**AIM OF THE EXERCISE**
From the data, copy out every line in which the word "version" appears.

--

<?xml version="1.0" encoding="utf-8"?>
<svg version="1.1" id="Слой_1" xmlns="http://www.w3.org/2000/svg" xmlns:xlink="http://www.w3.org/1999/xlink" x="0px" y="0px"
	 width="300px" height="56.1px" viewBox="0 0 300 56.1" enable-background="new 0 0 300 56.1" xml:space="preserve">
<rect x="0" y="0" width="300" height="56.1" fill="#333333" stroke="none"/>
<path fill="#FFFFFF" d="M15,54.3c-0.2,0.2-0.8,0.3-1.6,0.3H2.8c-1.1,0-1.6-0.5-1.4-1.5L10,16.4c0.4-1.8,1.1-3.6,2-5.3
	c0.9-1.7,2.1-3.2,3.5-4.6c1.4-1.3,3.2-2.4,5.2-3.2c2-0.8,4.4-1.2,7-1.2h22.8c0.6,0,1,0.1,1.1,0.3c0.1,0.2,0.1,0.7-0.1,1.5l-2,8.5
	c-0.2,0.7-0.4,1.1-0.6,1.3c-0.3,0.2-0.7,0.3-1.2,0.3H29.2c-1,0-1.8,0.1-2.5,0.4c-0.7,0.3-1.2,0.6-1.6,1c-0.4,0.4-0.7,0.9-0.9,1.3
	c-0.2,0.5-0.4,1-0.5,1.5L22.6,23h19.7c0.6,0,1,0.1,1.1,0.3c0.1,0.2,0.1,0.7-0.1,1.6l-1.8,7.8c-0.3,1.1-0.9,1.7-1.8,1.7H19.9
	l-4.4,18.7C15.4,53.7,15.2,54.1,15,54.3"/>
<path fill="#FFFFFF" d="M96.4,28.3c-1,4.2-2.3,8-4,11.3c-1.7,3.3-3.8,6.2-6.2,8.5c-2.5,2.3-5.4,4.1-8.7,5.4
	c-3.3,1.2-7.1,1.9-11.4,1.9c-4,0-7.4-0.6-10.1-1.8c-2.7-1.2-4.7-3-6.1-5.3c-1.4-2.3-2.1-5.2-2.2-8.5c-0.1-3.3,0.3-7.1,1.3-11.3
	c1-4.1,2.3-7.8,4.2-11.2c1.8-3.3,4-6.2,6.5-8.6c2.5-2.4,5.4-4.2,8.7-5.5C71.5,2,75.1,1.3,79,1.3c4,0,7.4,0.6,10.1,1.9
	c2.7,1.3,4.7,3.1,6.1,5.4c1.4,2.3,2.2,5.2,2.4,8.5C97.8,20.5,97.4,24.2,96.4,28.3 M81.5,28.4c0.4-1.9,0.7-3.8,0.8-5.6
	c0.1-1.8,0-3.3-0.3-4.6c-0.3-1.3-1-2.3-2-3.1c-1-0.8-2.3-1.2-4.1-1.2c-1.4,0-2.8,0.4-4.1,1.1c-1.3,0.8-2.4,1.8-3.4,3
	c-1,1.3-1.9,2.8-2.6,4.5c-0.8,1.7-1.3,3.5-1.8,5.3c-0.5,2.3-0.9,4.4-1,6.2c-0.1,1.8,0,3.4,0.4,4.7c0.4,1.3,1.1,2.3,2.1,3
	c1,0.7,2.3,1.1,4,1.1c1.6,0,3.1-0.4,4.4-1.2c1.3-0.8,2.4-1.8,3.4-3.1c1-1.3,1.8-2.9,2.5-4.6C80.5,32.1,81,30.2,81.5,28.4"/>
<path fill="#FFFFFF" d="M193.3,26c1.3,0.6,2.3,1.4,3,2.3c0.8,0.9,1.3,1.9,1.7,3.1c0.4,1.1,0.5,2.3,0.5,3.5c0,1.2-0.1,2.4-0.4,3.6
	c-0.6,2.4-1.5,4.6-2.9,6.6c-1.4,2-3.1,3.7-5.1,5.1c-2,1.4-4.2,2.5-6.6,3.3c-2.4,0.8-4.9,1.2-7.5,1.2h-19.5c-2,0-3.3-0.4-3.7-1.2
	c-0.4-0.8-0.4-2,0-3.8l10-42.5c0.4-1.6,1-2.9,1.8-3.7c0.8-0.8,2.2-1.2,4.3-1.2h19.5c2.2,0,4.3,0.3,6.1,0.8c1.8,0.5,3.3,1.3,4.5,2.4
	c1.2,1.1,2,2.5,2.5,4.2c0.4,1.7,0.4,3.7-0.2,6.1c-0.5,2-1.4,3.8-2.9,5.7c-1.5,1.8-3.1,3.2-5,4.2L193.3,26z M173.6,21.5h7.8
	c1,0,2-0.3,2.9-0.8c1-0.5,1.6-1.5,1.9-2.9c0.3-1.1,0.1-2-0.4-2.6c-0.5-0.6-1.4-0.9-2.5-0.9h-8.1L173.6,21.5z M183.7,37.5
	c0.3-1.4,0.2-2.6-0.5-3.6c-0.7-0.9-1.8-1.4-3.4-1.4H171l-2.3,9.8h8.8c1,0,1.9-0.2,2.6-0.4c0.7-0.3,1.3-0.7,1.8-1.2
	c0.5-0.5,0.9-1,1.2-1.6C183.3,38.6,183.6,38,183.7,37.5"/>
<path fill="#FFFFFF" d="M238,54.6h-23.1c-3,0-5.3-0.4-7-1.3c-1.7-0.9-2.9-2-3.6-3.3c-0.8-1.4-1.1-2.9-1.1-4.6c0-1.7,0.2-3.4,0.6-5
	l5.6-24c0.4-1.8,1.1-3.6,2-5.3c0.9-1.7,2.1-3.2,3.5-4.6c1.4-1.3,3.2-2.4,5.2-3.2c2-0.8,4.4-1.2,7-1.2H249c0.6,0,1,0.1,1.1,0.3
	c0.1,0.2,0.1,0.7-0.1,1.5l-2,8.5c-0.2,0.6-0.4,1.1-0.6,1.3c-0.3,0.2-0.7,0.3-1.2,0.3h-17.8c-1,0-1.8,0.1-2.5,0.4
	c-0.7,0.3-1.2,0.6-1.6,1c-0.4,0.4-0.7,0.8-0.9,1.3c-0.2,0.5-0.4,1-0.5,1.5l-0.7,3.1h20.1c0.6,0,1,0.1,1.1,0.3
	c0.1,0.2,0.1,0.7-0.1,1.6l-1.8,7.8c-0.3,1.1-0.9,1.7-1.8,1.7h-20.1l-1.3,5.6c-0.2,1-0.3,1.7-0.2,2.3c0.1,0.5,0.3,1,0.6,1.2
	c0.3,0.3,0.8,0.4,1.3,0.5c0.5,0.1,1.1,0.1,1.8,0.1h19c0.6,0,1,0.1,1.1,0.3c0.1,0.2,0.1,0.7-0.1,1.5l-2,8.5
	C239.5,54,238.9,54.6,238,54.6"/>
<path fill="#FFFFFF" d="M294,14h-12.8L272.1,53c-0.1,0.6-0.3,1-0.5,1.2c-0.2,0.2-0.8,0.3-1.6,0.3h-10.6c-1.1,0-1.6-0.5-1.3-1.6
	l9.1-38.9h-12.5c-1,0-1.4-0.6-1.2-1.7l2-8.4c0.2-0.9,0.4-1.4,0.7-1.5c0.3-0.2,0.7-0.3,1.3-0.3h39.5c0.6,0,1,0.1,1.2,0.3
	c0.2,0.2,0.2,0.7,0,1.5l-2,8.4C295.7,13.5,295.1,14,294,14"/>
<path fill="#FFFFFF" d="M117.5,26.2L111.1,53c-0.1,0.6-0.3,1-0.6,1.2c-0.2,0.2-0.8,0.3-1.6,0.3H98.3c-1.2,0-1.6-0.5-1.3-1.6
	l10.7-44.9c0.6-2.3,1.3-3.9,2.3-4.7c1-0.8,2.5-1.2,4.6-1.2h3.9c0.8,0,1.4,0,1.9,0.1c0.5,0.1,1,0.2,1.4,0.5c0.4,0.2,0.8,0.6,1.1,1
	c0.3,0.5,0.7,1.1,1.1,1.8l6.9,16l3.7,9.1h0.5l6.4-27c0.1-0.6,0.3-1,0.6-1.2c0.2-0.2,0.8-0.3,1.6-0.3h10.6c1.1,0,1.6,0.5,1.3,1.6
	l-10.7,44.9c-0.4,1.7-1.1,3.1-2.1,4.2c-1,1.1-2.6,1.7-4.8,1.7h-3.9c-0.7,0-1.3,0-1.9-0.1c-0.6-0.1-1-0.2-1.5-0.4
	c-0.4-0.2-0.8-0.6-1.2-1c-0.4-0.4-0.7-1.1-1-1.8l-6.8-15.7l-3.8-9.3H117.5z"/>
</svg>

--

**RESPONSE BOX**
<?xml version="1.0" encoding="utf-8"?>
<svg version="1.1" id="Слой_1" xmlns="http://www.w3.org/2000/svg" xmlns:xlink="http://www.w3.org/1999/xlink" x="0px" y="0px"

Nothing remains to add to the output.